For proof, one can look at where else the votes are going. If polls are correct, the combined Greens and Liberal Democrat vote will be as large as Farage’s. The combined share for Labour and the Tories is likely to be dismally low. The vote is fraying in every direction but theirs. It is possible to become a major player with a far lower share of the vote.

MPs on doorsteps report that, just months after backing Labour’s nebulous pledge of change, voters now see Starmer’s defining act as the cutting of pensioner winter fuel payments. To them, this was a betrayal. Not change, but Labour austerity.

The main causes of disaffection have not changed since the 2008 financial crisis: the cost of living, high immigration and public services — the NHS especially. And beneath this is a simpler sense that Britain has stopped functioning as it should, that the state has become unresponsive, that the country is getting poorer.

The UK is following the European pattern of citizens deserting the main parties for alternatives offering a more radical breach with the past. It is no accident that one of Farage’s favourite lines is that Labour and the Conservatives are an indistinguishable “uniparty”. Such is the frustration that it matters ever less whether parties offer realistic programmes. Then again, was Brexit ever a serious solution?

So how can Starmer respond to the disillusion? A growing caucus will urge him to veer left. It argues that Labour should worry more about the voters it is losing to the Lib Dems and Greens because of excessive fiscal discipline and pandering to social conservatism. Others advocate the so-called “Blue Labour” agenda of chasing Reform in pursuit of a traditionalist white working-class vote.

But salvation does not lie in higher welfare spending, a harder line on Israel or a softer one on trans rights. Nor, as the Tory leader Kemi Badenoch is discovering, in trying to out-Farage Farage. If the Reform leader is what people want there is already a working model. At best, Blue Labour offers a defensive measure against populist nationalism that ignores the party’s newer reliance on liberal graduate voters.

The only answer is to satisfy voters that the transformation they demand, from prosperity to health to balanced immigration, is actually at hand. Yet Labour does not display the dynamism that conveys this. Even where its goals are transformational, it appears too slow and timid, its ambitions checked by economic malaise. 

Some of this comes down to Starmer’s manner, much to the economic inheritance and some to the financial and political constraints Labour placed on itself in opposition. It failed to prepare voters for hard choices which is why its support has proved shallow. But there have also been too many half-steps because of conflicting priorities. It is in danger of satisfying no one by trying to placate everyone. If securing growth was truly the primary mission, the key that unlocked other priorities, was it wise to rush through large tax rises and other measures that undermine business confidence and investment?

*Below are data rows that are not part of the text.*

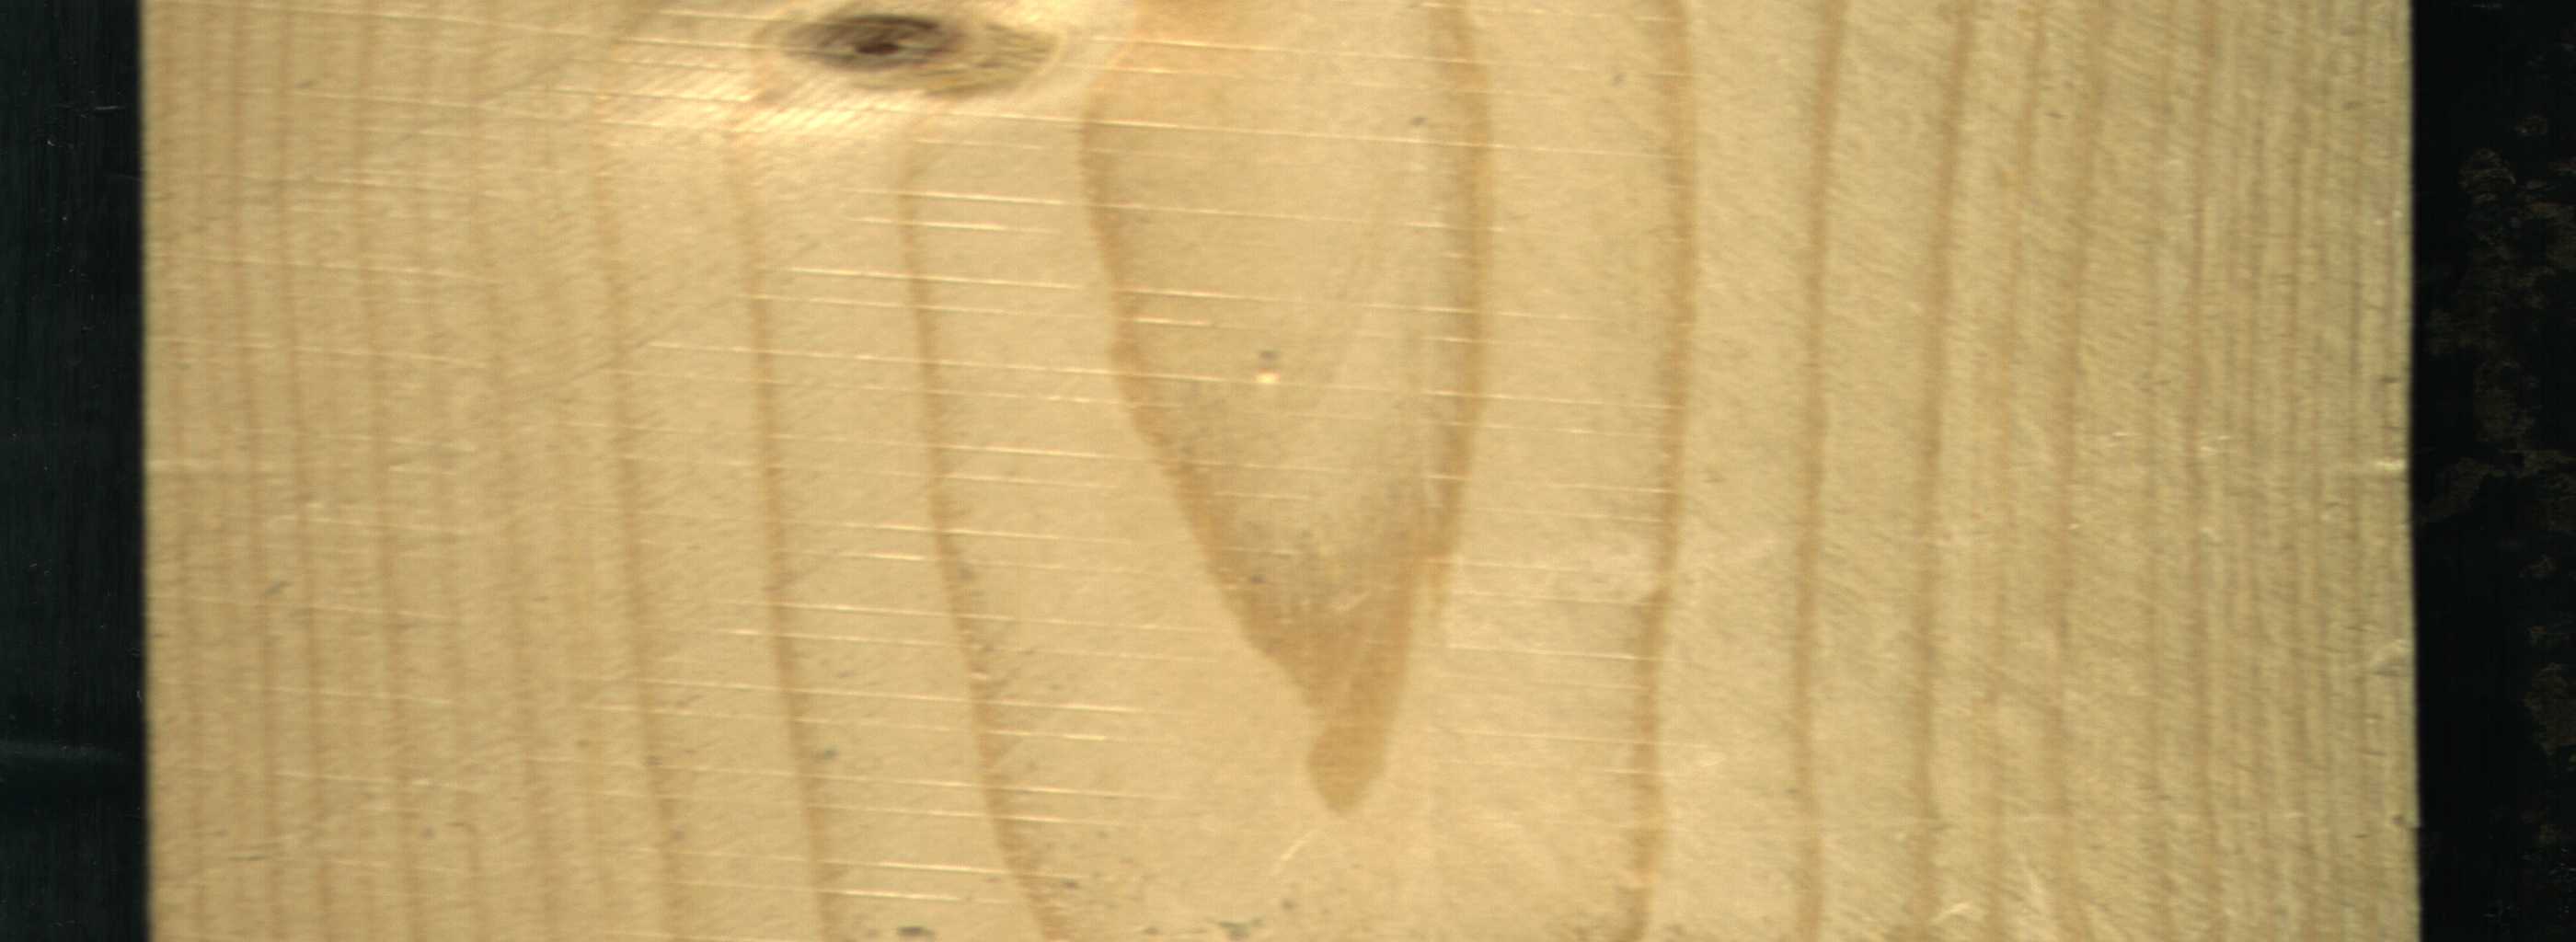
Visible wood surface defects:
Live_Knot
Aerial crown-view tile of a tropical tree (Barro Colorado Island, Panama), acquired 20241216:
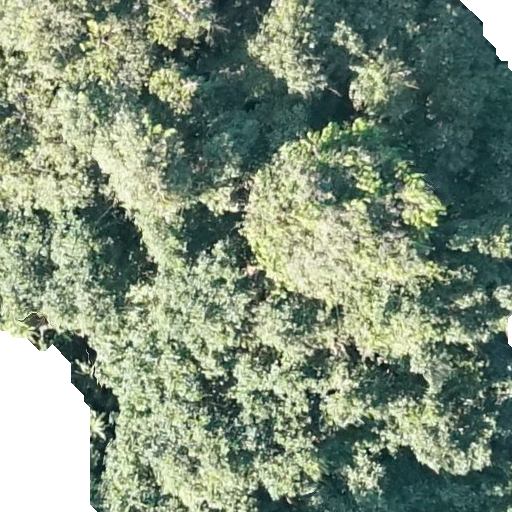
Species: Hieronyma alchorneoides
GBIF accepted scientific name: Hieronyma alchorneoides
Crown area: 488.898 m²
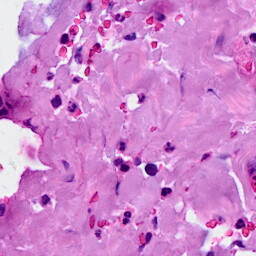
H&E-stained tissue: Breast
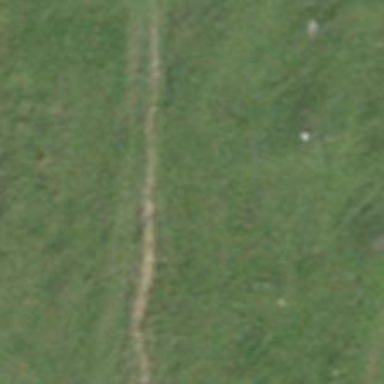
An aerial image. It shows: Path.
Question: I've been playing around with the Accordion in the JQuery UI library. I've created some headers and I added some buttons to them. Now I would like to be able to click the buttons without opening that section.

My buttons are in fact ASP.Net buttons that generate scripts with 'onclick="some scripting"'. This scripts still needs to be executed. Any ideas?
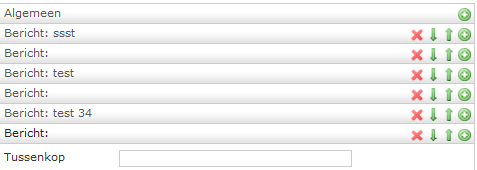
Answer: If they're nested you could catch this click event before it's bubbling up to parent elements by using
'''
$('#buttonid').click(function(e){
e.stopPropagation();
//Your Code here(For example a call to your function)
});
'''
You shouldn't use onClick in the markup, if you're working with a JS Framework anyways
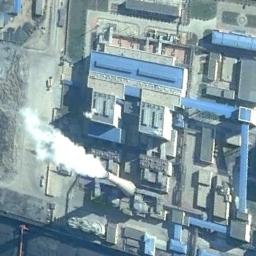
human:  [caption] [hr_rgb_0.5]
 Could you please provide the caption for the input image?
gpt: There are many buildings next to the thermal power station .

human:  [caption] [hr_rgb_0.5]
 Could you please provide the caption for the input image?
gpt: There is a thermal power station and a house in the open space by the road .

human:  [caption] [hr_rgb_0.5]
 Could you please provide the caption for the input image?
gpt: The thermal power station is next to some buildings with white mist above .

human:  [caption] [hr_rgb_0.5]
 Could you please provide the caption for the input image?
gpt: There is a neatly planned factory building in a thermal power station, and a chimney is emitting smoke .

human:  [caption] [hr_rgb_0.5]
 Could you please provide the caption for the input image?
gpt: There are some blue buildings on the thermal power station .
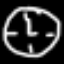
Label: clock
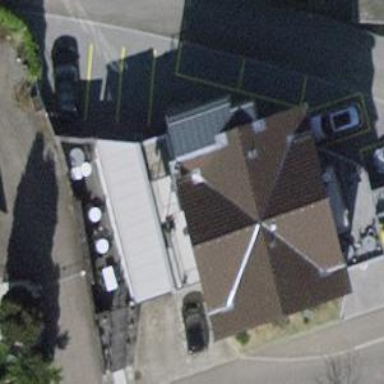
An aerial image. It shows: Hotel building.
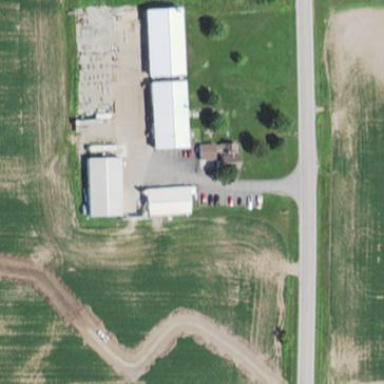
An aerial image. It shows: Farmyard area.
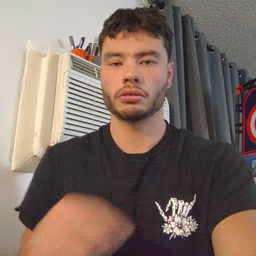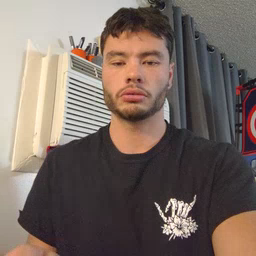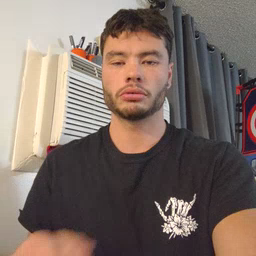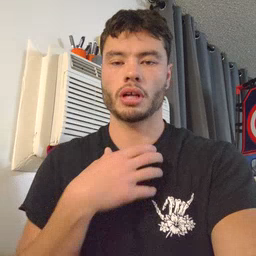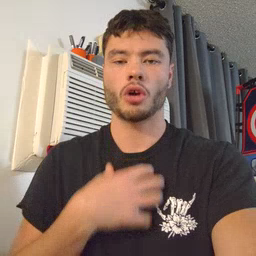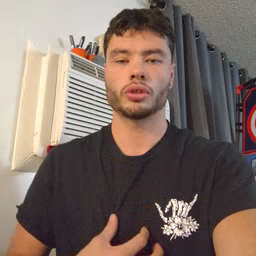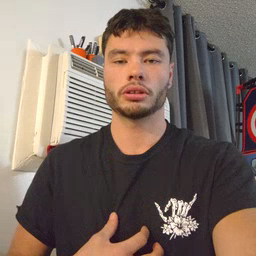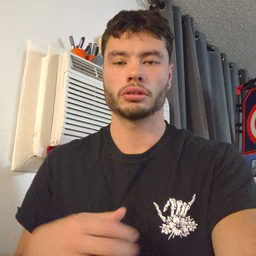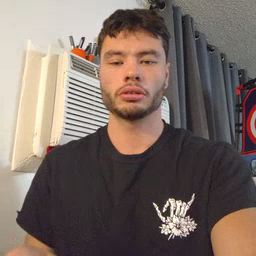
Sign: hungry
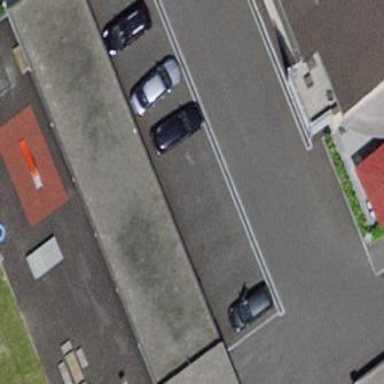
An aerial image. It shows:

Those around the prime minister say there will be no change of course, no loosening of fiscal rules or feint to appease the party left. But the next three months will see a burst of activity including the long-promised 10-year plan for health, though Downing Street’s view of the early draft is that more work is needed. The new industrial strategy and an immigration plan are imminent. British disdain for Donald Trump is emboldening Starmer to edge closer to the EU as he negotiates a reset of relations. Allies accept there needs to be more pace and visible conviction that reflects the impatience of voters, not least because it will take time for them to feel any effects.

There are years until the next election and, as Canada’s election showed, the landscape can change in weeks. But Reform’s progress and the broader flight from the two main parties is a sharp warning to Starmer that he is a long way from convincing voters they can finally call off their search for that elusive party of change.